Abstract: This paper presents a method for evaluating an upper bound of simultaneous switching gates in combinational circuits. In this method, the original circuit is partitioned into subcircuits, and the upper bound is approximately computed as the sum of maximum switching gates for all subcircuits. In order to increase the accuracy, we adopted an evaluation function that takes account of both the interconnections among subcircuits and the number of generated subcircuits. Experimental results for ISCAS circuits show that the method efficiently evaluates the upper bounds of switching gates.

## 1. Introduction

The concern of power dissipation and device reliability increases in proportion to the level of integration of LSI. The advent of VLSI has led to much recent work on the evaluation of power dissipation and the enhancement of reliability during the design phase.

In the last few years, there were many papers to evaluate the average power dissipation for supporting the lower power design [1]. However, excessive power dissipation in VLSI circuits may reduce the reliability of VLSI chips and peak power dissipation can have a large impact on reliability. Therefore, for high reliability of VLSI, it is essential to evaluate the maximum power dissipation and the analysis for peak power dissipation is more desirable than that for average one. For a CMOS circuit, the power dissipation is mainly due to switching activities charging and discharging capacitances at the gates in a circuit, so the theme of this paper is on evaluating the maximum number of simultaneous switching gates. Accurately evaluating the exact value of maximum simultaneous switching gates in CMOS circuits involves exhaustively searching for two consecutive binary input vector pairs to induce as many simultaneous switching gates in LSI as possible. We call this exhaustively searching "exhaustive enumeration". Unfortunately, the time complexity for this search is  $O(4^n)$ , where *n* is the number of primary inputs in the circuit. Therefore, one of the practical way to solve this problem is to obtain an approximation value which includes a lower bound or an upper bound for maximum number of switching gates, where lower bound means the evaluating value that is smaller than the exact value and upper bound means the evaluating value that is larger than the exact value.

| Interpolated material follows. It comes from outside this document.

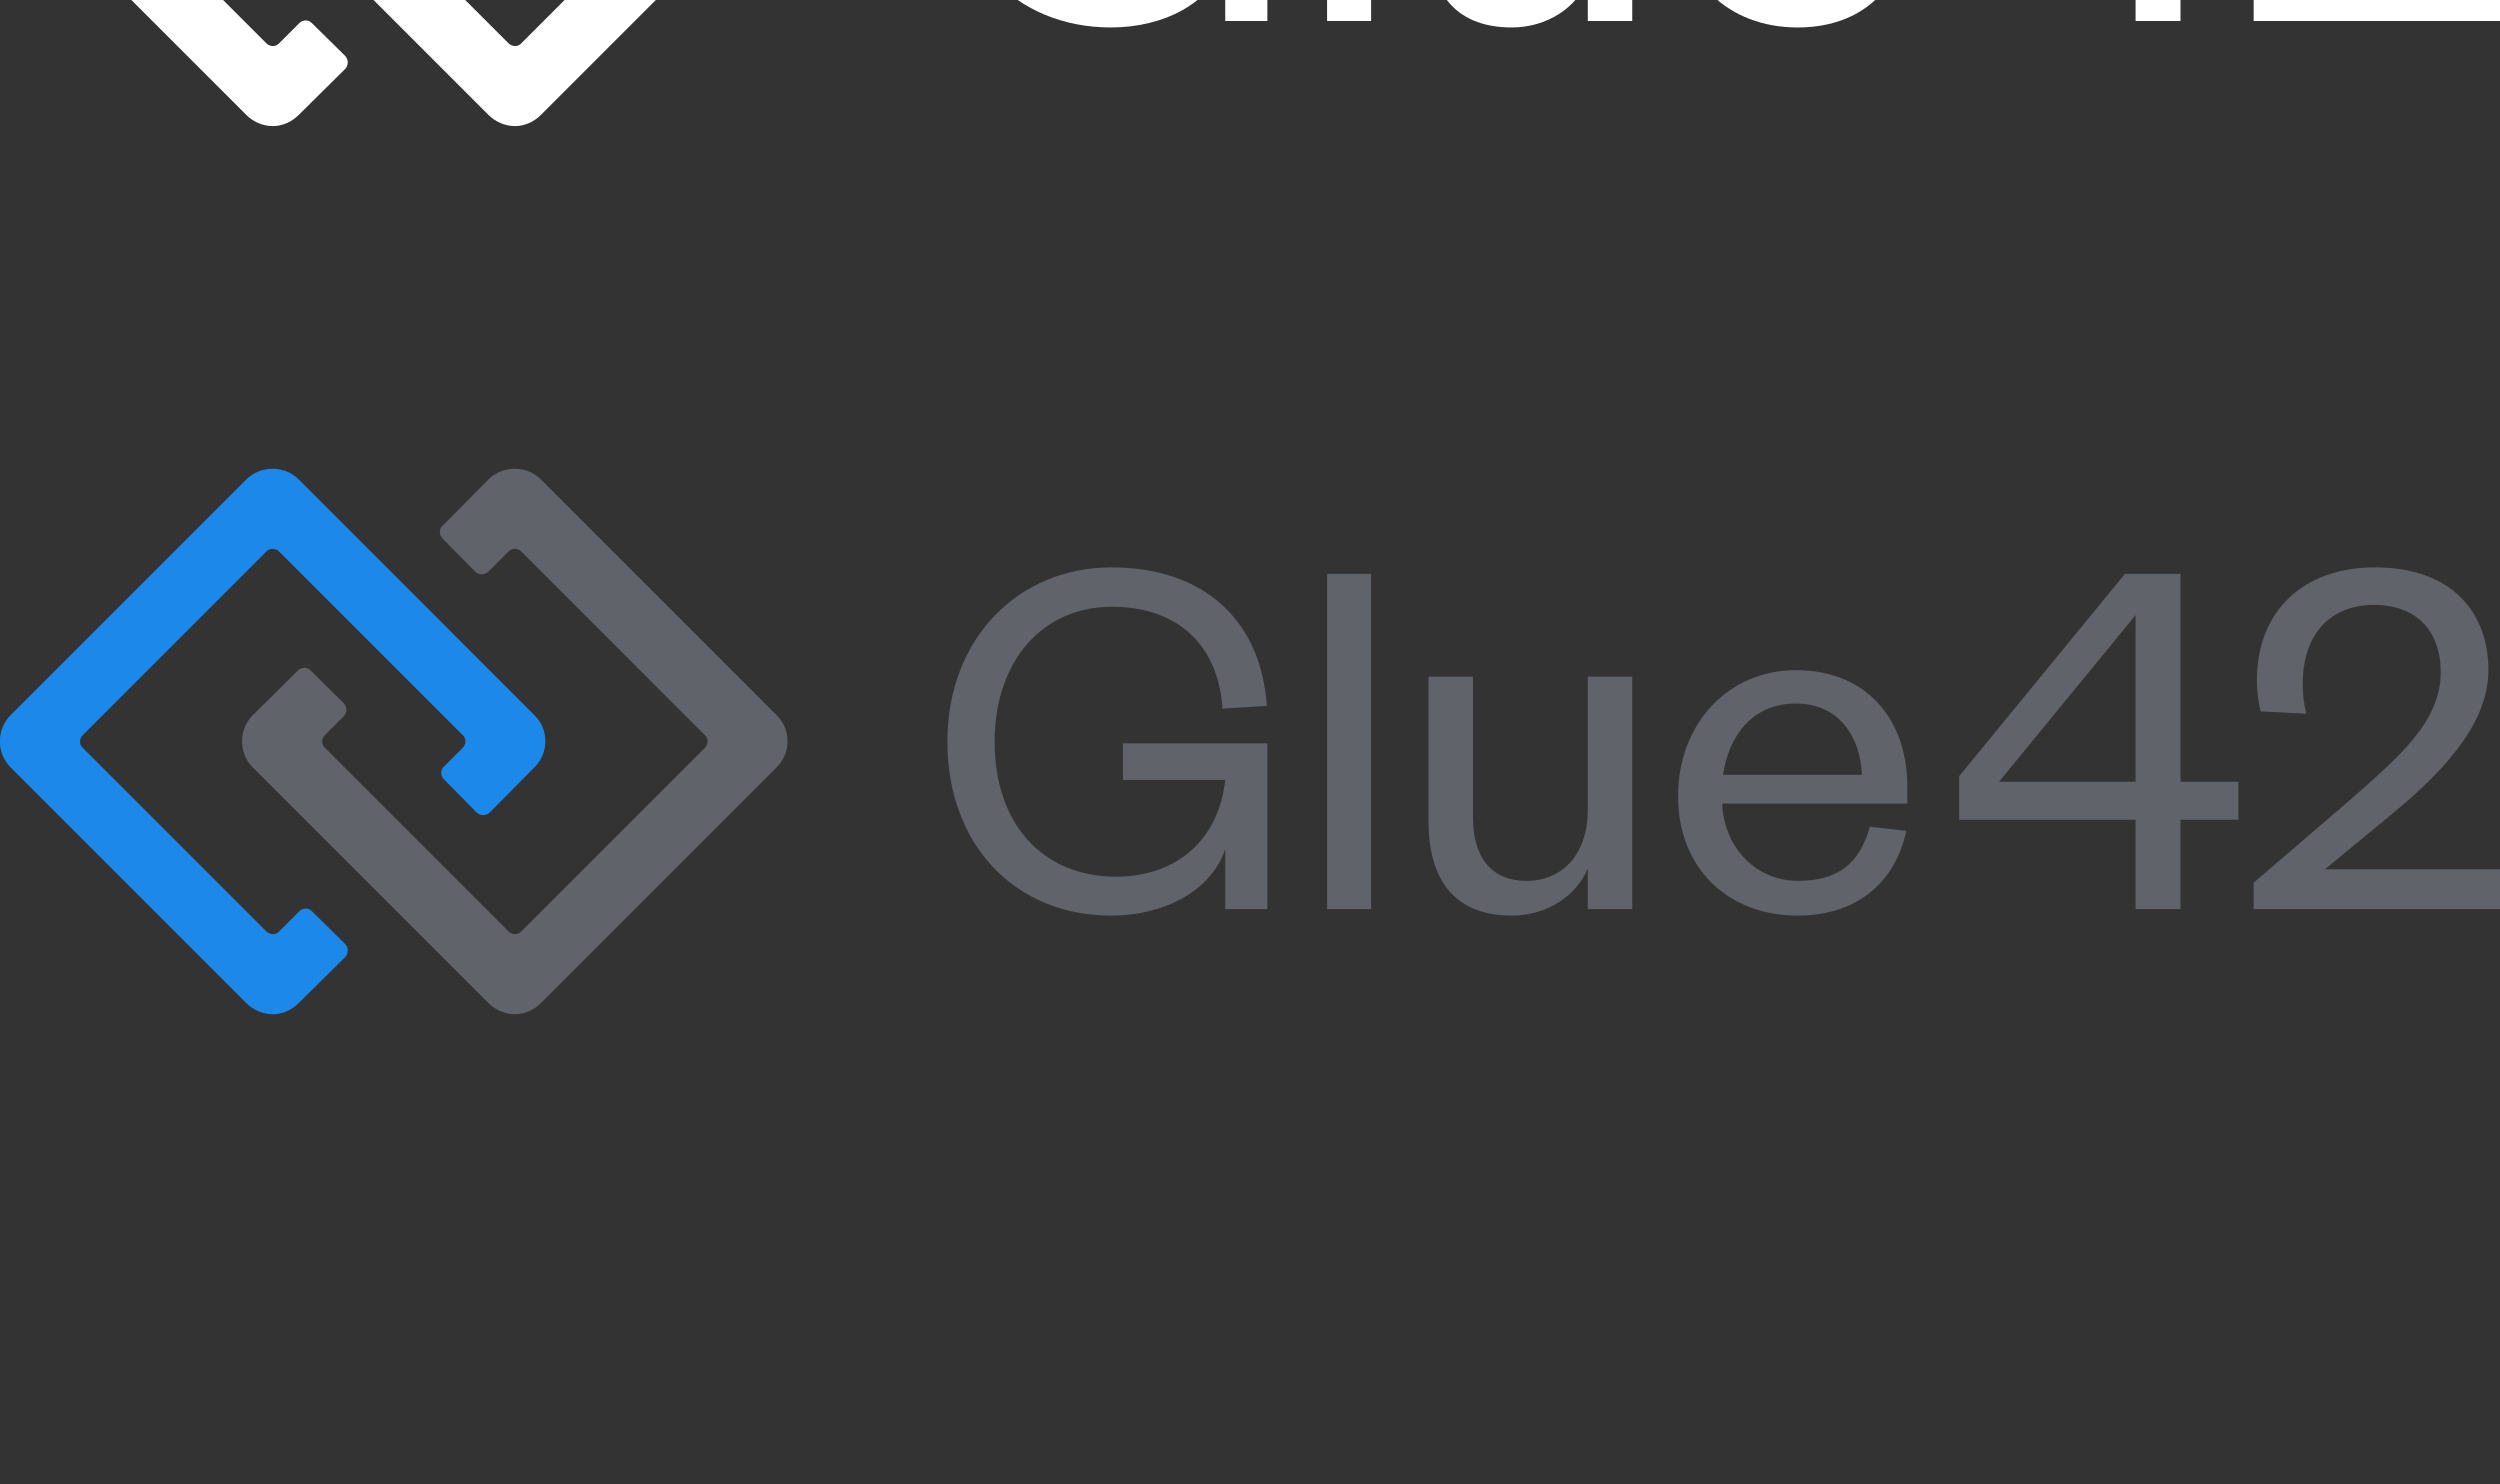 <svg xmlns="http://www.w3.org/2000/svg" width="128" height="76" viewBox="0 0 128 76" fill="none"><rect x="0" y="0" width="128" height="76" fill="#333333" stroke="none"/><g clip-path="url(#clip0_3167_27896)"><path d="M39.758 36.613L27.691 24.545C27.335 24.19 26.861 24 26.363 24C25.866 24 25.368 24.19 25.012 24.545L22.665 26.916C22.475 27.082 22.475 27.366 22.641 27.556L22.665 27.58L24.325 29.263C24.514 29.453 24.822 29.453 25.012 29.263L26.032 28.244C26.197 28.054 26.482 28.054 26.672 28.22L26.695 28.244L36.084 37.632C36.273 37.798 36.273 38.083 36.107 38.272L36.084 38.296L26.695 47.684C26.529 47.874 26.245 47.874 26.055 47.708L26.032 47.684L16.643 38.296C16.453 38.13 16.453 37.846 16.619 37.656L16.643 37.632L17.591 36.684C17.781 36.494 17.781 36.186 17.591 35.996L15.908 34.337C15.742 34.147 15.458 34.147 15.268 34.313L15.244 34.337L12.945 36.613C12.21 37.348 12.21 38.557 12.945 39.292L25.012 51.359C25.368 51.715 25.866 51.928 26.363 51.928C26.861 51.928 27.335 51.715 27.691 51.359L39.758 39.292C40.493 38.581 40.517 37.371 39.782 36.636L39.758 36.613Z" fill="#606369"></path><path d="M0.545 39.292L12.613 51.359C12.968 51.715 13.466 51.928 13.964 51.928C14.462 51.928 14.936 51.715 15.292 51.359L17.663 49.012C17.852 48.822 17.852 48.514 17.663 48.325L15.979 46.665C15.813 46.475 15.529 46.475 15.339 46.641L15.315 46.665L14.296 47.684C14.13 47.874 13.845 47.874 13.656 47.708L13.632 47.684L4.244 38.296C4.054 38.13 4.054 37.846 4.22 37.656L4.244 37.632L13.632 28.244C13.798 28.054 14.083 28.054 14.272 28.22L14.296 28.244L23.684 37.632C23.874 37.798 23.874 38.083 23.708 38.272L23.684 38.296L22.736 39.244C22.546 39.41 22.546 39.695 22.712 39.884L22.736 39.908L24.396 41.591C24.585 41.781 24.893 41.781 25.083 41.591L27.359 39.292C28.094 38.581 28.118 37.371 27.383 36.636L27.359 36.613L15.292 24.545C14.936 24.19 14.462 24 13.964 24C13.466 24 12.968 24.19 12.613 24.545L0.545 36.613C-0.19 37.348 -0.19 38.557 0.545 39.292Z" fill="#1C89EA"></path><path d="M48.507 37.964C48.507 32.677 52.158 29.05 56.899 29.05C61.641 29.05 64.557 31.753 64.865 36.139L62.589 36.281C62.4 33.128 60.385 31.065 56.923 31.065C53.462 31.065 50.925 33.744 50.925 37.988C50.925 42.231 53.438 44.887 57.136 44.887C60.361 44.887 62.423 42.872 62.732 39.932H57.492V38.059H64.889V46.546H62.732V43.488C61.973 45.669 59.555 46.878 56.876 46.878C52.016 46.878 48.507 43.298 48.507 37.964Z" fill="#606369"></path><path d="M70.2 29.382V46.546H67.947V29.382H70.2Z" fill="#606369"></path><path d="M81.295 34.645H83.571V46.546H81.295V44.46C80.726 45.859 79.209 46.878 77.407 46.878C74.301 46.878 73.139 44.839 73.139 42.042V34.645H75.415V41.828C75.415 43.82 76.293 45.1 78.166 45.1C80.038 45.1 81.295 43.678 81.295 41.473V34.645Z" fill="#606369"></path><path d="M97.606 42.54C97.013 45.242 95.022 46.878 92.035 46.878C88.502 46.878 85.918 44.484 85.918 40.762C85.918 37.039 88.502 34.313 91.94 34.313C95.733 34.313 97.654 37.016 97.654 40.24V41.141H88.17C88.289 43.464 89.948 45.1 92.058 45.1C94.169 45.1 95.235 44.152 95.733 42.326L97.606 42.54ZM95.33 39.671C95.259 37.774 94.192 36.02 91.94 36.02C89.688 36.02 88.502 37.727 88.218 39.671H95.33Z" fill="#606369"></path><path d="M111.641 40.027H114.605V41.971H111.641V46.546H109.342V41.971H100.309V39.742L108.796 29.382H111.641V40.027ZM102.348 40.027H109.342V31.492L102.348 40.027Z" fill="#606369"></path><path d="M128 44.508V46.546H115.387V45.195L120.247 41.022C122.926 38.675 124.965 36.921 124.965 34.408C124.965 32.393 123.804 30.97 121.551 30.97C119.299 30.97 117.9 32.487 117.9 35.001C117.9 35.522 117.948 36.044 118.09 36.542L115.743 36.423C115.624 35.901 115.553 35.38 115.553 34.835C115.553 31.302 117.924 29.05 121.575 29.05C125.582 29.05 127.407 31.397 127.407 34.313C127.407 37.229 124.776 39.79 122.286 41.828L119.038 44.508H128Z" fill="#606369"></path><path d="M39.758 -8.859L27.691 -20.927C27.335 -21.282 26.861 -21.472 26.363 -21.472C25.866 -21.472 25.368 -21.282 25.012 -20.927L22.665 -18.556C22.475 -18.39 22.475 -18.106 22.641 -17.916L22.665 -17.892L24.325 -16.209C24.514 -16.019 24.822 -16.019 25.012 -16.209L26.032 -17.228C26.197 -17.418 26.482 -17.418 26.672 -17.252L26.695 -17.228L36.084 -7.84C36.273 -7.674 36.273 -7.389 36.107 -7.2L36.084 -7.176L26.695 2.212C26.529 2.402 26.245 2.402 26.055 2.236L26.032 2.212L16.643 -7.176C16.453 -7.342 16.453 -7.627 16.619 -7.816L16.643 -7.84L17.591 -8.788C17.781 -8.978 17.781 -9.286 17.591 -9.476L15.908 -11.135C15.742 -11.325 15.458 -11.325 15.268 -11.159L15.244 -11.135L12.945 -8.859C12.21 -8.124 12.21 -6.915 12.945 -6.18L25.012 5.887C25.368 6.243 25.866 6.456 26.363 6.456C26.861 6.456 27.335 6.243 27.691 5.887L39.758 -6.18C40.493 -6.892 40.517 -8.101 39.782 -8.836L39.758 -8.859Z" fill="white"></path><path d="M0.545 -6.18L12.613 5.887C12.968 6.243 13.466 6.456 13.964 6.456C14.462 6.456 14.936 6.243 15.292 5.887L17.663 3.54C17.852 3.35 17.852 3.042 17.663 2.852L15.979 1.193C15.813 1.003 15.529 1.003 15.339 1.169L15.315 1.193L14.296 2.212C14.13 2.402 13.845 2.402 13.656 2.236L13.632 2.212L4.244 -7.176C4.054 -7.342 4.054 -7.627 4.22 -7.816L4.244 -7.84L13.632 -17.228C13.798 -17.418 14.083 -17.418 14.272 -17.252L14.296 -17.228L23.684 -7.84C23.874 -7.674 23.874 -7.389 23.708 -7.2L23.684 -7.176L22.736 -6.228C22.546 -6.062 22.546 -5.777 22.712 -5.588L22.736 -5.564L24.396 -3.881C24.585 -3.691 24.893 -3.691 25.083 -3.881L27.359 -6.18C28.094 -6.892 28.118 -8.101 27.383 -8.836L27.359 -8.859L15.292 -20.927C14.936 -21.282 14.462 -21.472 13.964 -21.472C13.466 -21.472 12.968 -21.282 12.613 -20.927L0.545 -8.859C-0.19 -8.124 -0.19 -6.915 0.545 -6.18Z" fill="white"></path><path d="M48.507 -7.508C48.507 -12.795 52.158 -16.422 56.899 -16.422C61.641 -16.422 64.557 -13.72 64.865 -9.334L62.589 -9.191C62.4 -12.345 60.385 -14.407 56.923 -14.407C53.462 -14.407 50.925 -11.728 50.925 -7.484C50.925 -3.241 53.438 -0.585 57.136 -0.585C60.361 -0.585 62.423 -2.6 62.732 -5.54H57.492V-7.413H64.889V1.074H62.732V-1.984C61.973 0.197 59.555 1.406 56.876 1.406C52.016 1.406 48.507 -2.174 48.507 -7.508Z" fill="white"></path><path d="M70.2 -16.09V1.074H67.947V-16.09H70.2Z" fill="white"></path><path d="M81.295 -10.827H83.571V1.074H81.295V-1.012C80.726 0.387 79.209 1.406 77.407 1.406C74.301 1.406 73.139 -0.633 73.139 -3.43V-10.827H75.415V-3.644C75.415 -1.652 76.293 -0.372 78.166 -0.372C80.038 -0.372 81.295 -1.794 81.295 -3.999V-10.827Z" fill="white"></path><path d="M97.606 -2.932C97.013 -0.23 95.022 1.406 92.035 1.406C88.502 1.406 85.918 -0.988 85.918 -4.71C85.918 -8.433 88.502 -11.159 91.94 -11.159C95.733 -11.159 97.654 -8.456 97.654 -5.232V-4.331H88.17C88.289 -2.008 89.948 -0.372 92.058 -0.372C94.169 -0.372 95.235 -1.32 95.733 -3.146L97.606 -2.932ZM95.33 -5.801C95.259 -7.698 94.192 -9.452 91.94 -9.452C89.688 -9.452 88.502 -7.745 88.218 -5.801H95.33Z" fill="white"></path><path d="M111.641 -5.445H114.605V-3.501H111.641V1.074H109.342V-3.501H100.309V-5.73L108.796 -16.09H111.641V-5.445ZM102.348 -5.445H109.342V-13.98L102.348 -5.445Z" fill="white"></path><path d="M128 -0.965V1.074H115.387V-0.277L120.247 -4.45C122.926 -6.797 124.965 -8.551 124.965 -11.064C124.965 -13.079 123.804 -14.502 121.551 -14.502C119.299 -14.502 117.9 -12.985 117.9 -10.472C117.9 -9.95 117.948 -9.428 118.09 -8.931L115.743 -9.049C115.624 -9.571 115.553 -10.092 115.553 -10.637C115.553 -14.17 117.924 -16.422 121.575 -16.422C125.582 -16.422 127.407 -14.075 127.407 -11.159C127.407 -8.243 124.776 -5.683 122.286 -3.644L119.038 -0.965H128Z" fill="white"></path></g><defs><clipPath id="clip0_3167_27896"><rect width="128" height="76" fill="white"></rect></clipPath></defs></svg>

Several effective approaches for evaluating a lower bound of the maximum number of simultaneous switching gates have been proposed until now. They include the partial exhaustive enumeration method [2], the branch-and-bound method [3], the method using genetic algorithm (GA) [4], the approach based on maxsatisfiability via disjoint cover enumeration [5], the maximum power estimation for CMOS circuits using deterministic and statistic approaches [6] and the iterative improvement method [7]. However, a lower bound can not assure the maximum, so it is not safe to use lower bound for VLSI reliability. On the contrary, the upper bound assures the maximum.

To the best of our knowledge, this paper presents a method for computing an upper bound of simultaneous switching gates in combinational circuits for the first time. In this method, the original circuit is partitioned into subcircuits, and the upper bound is approximately computed as the sum of maximum switching gates for all subcircuits. In order to increase the accuracy, we adopted an evaluation function that takes account of both the interconnections among subcircuits and the number of generated subcircuits. Experimental results for ISCAS circuits show that the method efficiently evaluates the upper bounds of switching gates.

The rest of this paper is organized as follows. Section 2 indicates the origin of our research problem. Some key definitions are given in Section 3. The idea of this method is described in Section 4. We show the procedure in Section 5, and Section 6 is devoted to the description of experimental results. Finally, we conclude the paper with the summary.

#### 2. Problem Formulation

In this section, we clarify the problem of evaluating the maximum power dissipation in CMOS circuits.

In CMOS circuits, the switching activity of each gate brings most of the power dissipation. The power dissipation with *N* gates of  $g_1, g_2, \dots, g_N$  in a circuit is given by ([2] - [7]):

$$P(V) = L * E^{2} * \sum_{i} \{C(g_{i}) * T_{i}(V)\} \quad (i = 1, 2, ..., N)$$
(1)

 $V = ((u_1, u_2, ..., u_n), (v_1, v_2, ..., v_n))u_i, v_j \in \{0,1\} (j = 1, 2, ..., n))$  is an input vector pair of *n* primary inputs, which means that the values given to the primary inputs are changed from

 $u_1, u_2, \dots, u_n$  to  $v_1, v_2, \dots, v_n$ . P(V) denotes the power dissipation,  $C(g_i)$  is the load capacitance of gate  $g_i$ , E is the supply voltage and L is a constant, and  $T_i(V)$  means that the output of gate  $g_i$  is changed by V as switching gate, i.e., let  $T_i(V)$  be 1 if gate  $g_i$  switches, otherwise, let  $T_i(V)$  be 0.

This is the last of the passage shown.